Pendidikan indonesia tidak boleh berhenti berbenah. Pembelajar memang tak pernah berhenti belajar, tetapi jika masalahnya sama saja dari hari ke hari bukankah sama saja seperti keledai?

yah, kenakalan remaja, juvenile vandals, sudah sejak lama ada. Perbedaannya hanya pada bentuk, intensitas dan tingkat kriminalitasnya saja. Oke, remaja jaman apa sih yang gak pernah "mantek", saya pernah, meski dibuatkan teman di warung belakang sekolah *halo, bapuk!* Tulisannya hanya nama saya. Tapi toh masalah pantek-pantekan ini, akhirnya menjadi karya seni tersendiri untuk grafiti. Ternyata setelah bertahun-tahun ada, baru diketahui kebutuhan dasarnya adalah ruang terbuka kreatif. Tapi selama ini solution dependant nya *meminjam istilah dalam product development* ya tembok-tembok publik yang kosong. Sejak tahun 80-an tren itu jadi karya seni yang keren kan?

Kekerasan remaja, hm, saya kategorikan dalam kenakalan remaja atau kriminalitas? Saya tidak tahu pasti. Tetapi kekerasan ini tentu tidak bisa dibiarkan terus. Meskipun kekerasan pada remaja tidak hanya berbentuk tawuran. Perploncoan, bullying (gencet-gencetan), sudah ada dari jaman saya sekolah *masih tahun 2000-an* hehe.. kalau tawuran itu sudah ada sejak tahun 80-an kali ya, atau saat zaman cutbray memang sudah ada.

Tahun 90-an, tawuran adalah ekstrakurikuler bagi STM, setiap Sabtu polisi sudah berjaga pada jam 12 siang - 3 sore (jam bubar sekolah). Titik-titik tawurannya Buaran, Senen, Coca Cola, Pemuda, itu daerah yang saya tahu, meski masih banyak lagi hotspot tawuran di Jakarta. Namun menjelang tahun 2000-an, tawuran sudah mulai jadi kenangan. Kenapa? banyak hal yang dilakukan departemen pendidikan, salah satunya memecah segitiga SMU 6-70-11, titik terpanas tawuran.

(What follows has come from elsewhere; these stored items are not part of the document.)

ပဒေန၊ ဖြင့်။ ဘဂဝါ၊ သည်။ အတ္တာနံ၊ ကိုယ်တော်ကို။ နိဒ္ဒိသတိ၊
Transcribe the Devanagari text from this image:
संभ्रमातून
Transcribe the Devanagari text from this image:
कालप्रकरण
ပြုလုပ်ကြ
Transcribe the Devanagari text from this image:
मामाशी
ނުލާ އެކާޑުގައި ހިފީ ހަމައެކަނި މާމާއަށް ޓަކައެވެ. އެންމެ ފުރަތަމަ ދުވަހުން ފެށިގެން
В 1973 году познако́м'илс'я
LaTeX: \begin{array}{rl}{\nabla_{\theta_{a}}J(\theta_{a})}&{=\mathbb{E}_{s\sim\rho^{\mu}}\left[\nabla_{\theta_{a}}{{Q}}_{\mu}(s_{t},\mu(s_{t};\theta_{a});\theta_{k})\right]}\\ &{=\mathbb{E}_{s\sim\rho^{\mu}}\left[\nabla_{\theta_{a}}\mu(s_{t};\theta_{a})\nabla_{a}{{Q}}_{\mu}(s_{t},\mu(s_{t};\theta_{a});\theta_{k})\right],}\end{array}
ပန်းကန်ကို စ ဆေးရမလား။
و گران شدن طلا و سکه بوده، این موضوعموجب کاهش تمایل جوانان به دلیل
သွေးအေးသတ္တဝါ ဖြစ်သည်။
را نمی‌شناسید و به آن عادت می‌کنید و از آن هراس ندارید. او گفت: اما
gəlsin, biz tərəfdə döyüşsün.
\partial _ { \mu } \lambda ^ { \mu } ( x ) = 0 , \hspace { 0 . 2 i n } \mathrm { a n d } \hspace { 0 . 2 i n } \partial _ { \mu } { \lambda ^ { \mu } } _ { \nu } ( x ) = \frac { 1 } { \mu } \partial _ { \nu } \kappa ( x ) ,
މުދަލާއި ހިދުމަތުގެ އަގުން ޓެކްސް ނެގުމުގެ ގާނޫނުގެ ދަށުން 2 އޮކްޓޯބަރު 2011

SMU 11 sekarang lokasinya jauh dari pusat kota, meminggir ke daerah perbatasan bekasi, haha..welcome.. Beberapa tahun, tawuran mulai menjadi wacana BASI untuk pelajar Jakarta. Akhirnya hari Sabtu banyak orang menjadi lebih indah. Meskipun ternyata akhir-akhir ini 6-70 mulai tawuran lagi, dan tidak mau di-shoot oleh TV alasannya "gak enak, om". But, hey!, merekam kegiatan bodoh kalian ini untuk mendidik kalian!

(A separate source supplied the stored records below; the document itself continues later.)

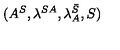
( A ^ { S } , \lambda ^ { S A } , \lambda _ { A } ^ { \bar { S } } , S )
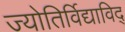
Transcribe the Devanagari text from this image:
ज्योतिर्विद्याविद्
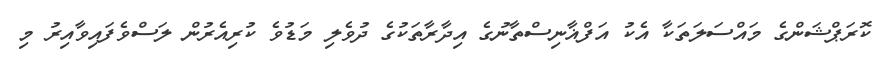
ކޮރަޕްޝަންގެ މައްސަލަތަކާ އެކު އަފްޣާނިސްތާނުގެ އިދާރާތަކުގެ ދުވެލި މަޑުވެ ކުރިއެރުން ލަސްވެފައިވާއިރު މި
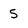
Character: 5
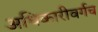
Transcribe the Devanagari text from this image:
अधिकारीवर्गच
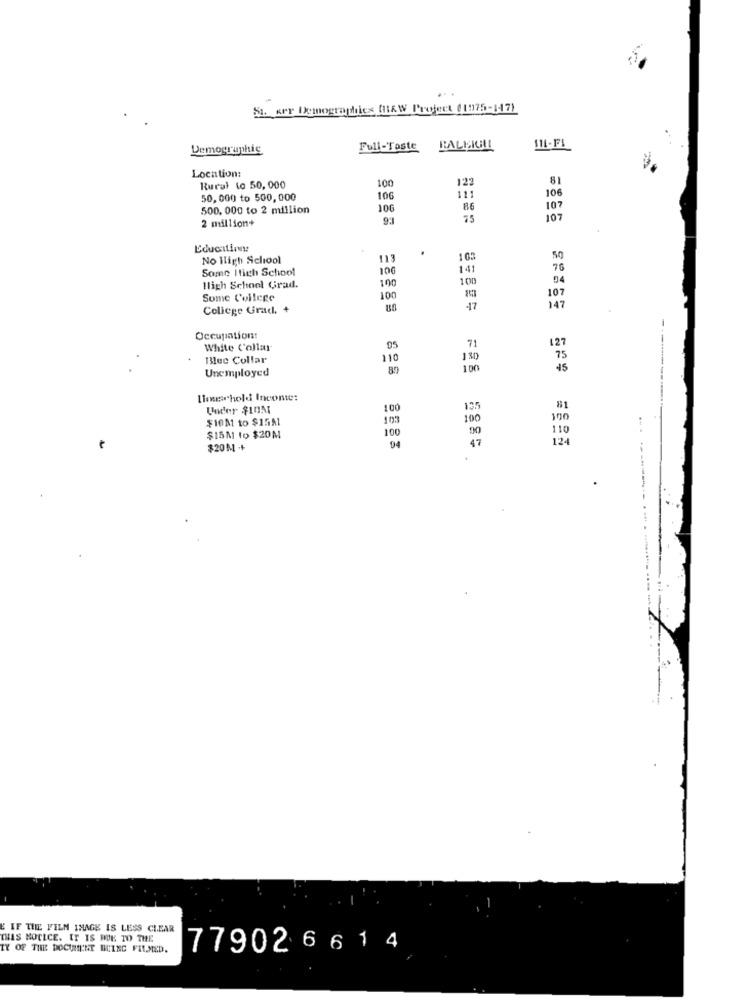
St. wer Demographics (HAW Project (1975-147)
Demographic
Full-Taste
11L-FL
Location:
100
122
81
Rural to 50, 000
106
50, 000 to 500,000
106
111
500. 000 to 2 million
106
86
107
2 million+
9.3
75
107
Education:
No High School
113
103
50
Some High School
106
141
76
100
100
94
High School Grad.
107
Some College
100
College Grad. +
47
147
-+
Occupation:
71
127
White Collar
05
13lec Collar
110
1 30
75
Unemployed
87
100
Linuschold Inconte:
Under $10M
100
135
81
$10M to $15A1
103
100
90
110
$15M to $20M
100
04
47
124
$20M ++
E IF THE FILM IMAGE IS LESS CLEAR
THIS NOTICE. IT IS HOE TO THE
TY OF THE DOCUMENT BEING FILMED.
77902 6 6 14

Tren itu bergeser ke daerah, seperti Purwakarta, Temanggung, Tangerang. Waw, setelah sekian lama, perbuatan anarki ini seperti sabun ya. Semakin digenggam di Jakarta, tetapi dia melebar ke daerah. Bagaimana mungkin para "mas-mas" yang terlihat santun, lembut dengan logat Jawa-nya itu, terpancing untuk anarki. Lebih lucu lagi yang di daerah Tangerang/ Bekasi gitu.. Para pelajar yang bergejolak ini, melempar petasan segede kaleng ke angkot penuh penumpang, sewaktu macet. Mungkin ini Jackass versi Jabodetabek ya, atau malahan meniru aksi teroris, atau sedang uji coba penyerangan ala film-film Jean-Claude van Damme. Mungkin mas Advent Bangun berduet dengan Barry Prima bisa mendidik mereka, bagaimana berkelahi yang benar..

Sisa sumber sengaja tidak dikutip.